Recorded information >>

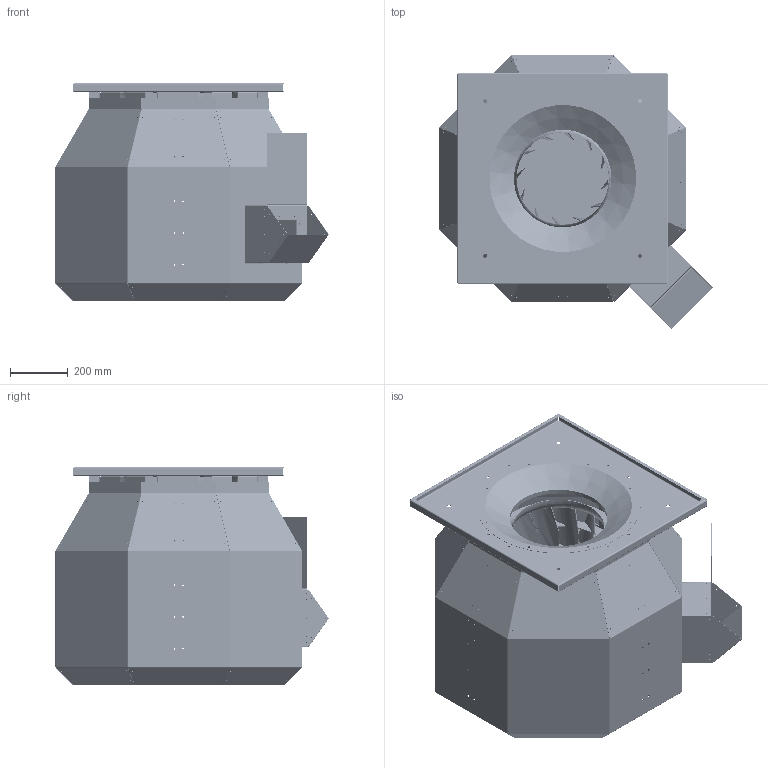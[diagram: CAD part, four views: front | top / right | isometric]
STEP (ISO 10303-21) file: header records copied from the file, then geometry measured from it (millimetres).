
FILE_DESCRIPTION(('STEP AP203'), '1');
FILE_NAME('薹陔 4,5鼯', '', ('UNSPECIFIED'), ('UNSPECIFIED'), 'ASCON STEP Converter 1.3', 'ASCON Math Kernel', '');
FILE_SCHEMA(('CONFIG_CONTROL_DESIGN'));
Length unit declared in the file: millimetre
Bounding box: 944.39 x 944.07 x 750.88 mm (x, y, z)
Volume: 10702702.8 mm3; surface area: 14013981.3 mm2
Topology: 32 solids, 32 shells, 3876 faces, 9547 edges, 5650 vertices
Faces by surface type: plane 2351, cylinder 1381, bspline 140, cone 2, torus 2
Full cylindrical faces by diameter (mm): 5 x368, 7.3 x6, 8.5 x60, 9.3 x152, 11.3 x108, 13.3 x16, 91 x1, 131 x1, 181 x1, 315 x1, 319 x1, 337.6 x1, 340 x1, 372 x1, 450 x3, 508 x1, 568 x1
Entity records: 145917 total; most frequent: CARTESIAN_POINT 23954, DIRECTION 18396, ORIENTED_EDGE 17632, EDGE_CURVE 8816, AXIS2_PLACEMENT_3D 6609, EDGE_LOOP 6082, VERTEX_POINT 5648, LINE 5178

Work to complete >>
Transcribe all the records above word for word, without their images.

Answer space >>
[diagram: CAD part, four views: front | top / right | isometric]
STEP (ISO 10303-21) file: header records copied from the file, then geometry measured from it (millimetres).
FILE_DESCRIPTION(('STEP AP203'), '1');
FILE_NAME('薹陔 4,5鼯', '', ('UNSPECIFIED'), ('UNSPECIFIED'), 'ASCON STEP Converter 1.3', 'ASCON Math Kernel', '');
FILE_SCHEMA(('CONFIG_CONTROL_DESIGN'));
Length unit declared in the file: millimetre
Bounding box: 944.39 x 944.07 x 750.88 mm (x, y, z)
Volume: 10702702.8 mm3; surface area: 14013981.3 mm2
Topology: 32 solids, 32 shells, 3876 faces, 9547 edges, 5650 vertices
Faces by surface type: plane 2351, cylinder 1381, bspline 140, cone 2, torus 2
Full cylindrical faces by diameter (mm): 5 x368, 7.3 x6, 8.5 x60, 9.3 x152, 11.3 x108, 13.3 x16, 91 x1, 131 x1, 181 x1, 315 x1, 319 x1, 337.6 x1, 340 x1, 372 x1, 450 x3, 508 x1, 568 x1
Entity records: 145917 total; most frequent: CARTESIAN_POINT 23954, DIRECTION 18396, ORIENTED_EDGE 17632, EDGE_CURVE 8816, AXIS2_PLACEMENT_3D 6609, EDGE_LOOP 6082, VERTEX_POINT 5648, LINE 5178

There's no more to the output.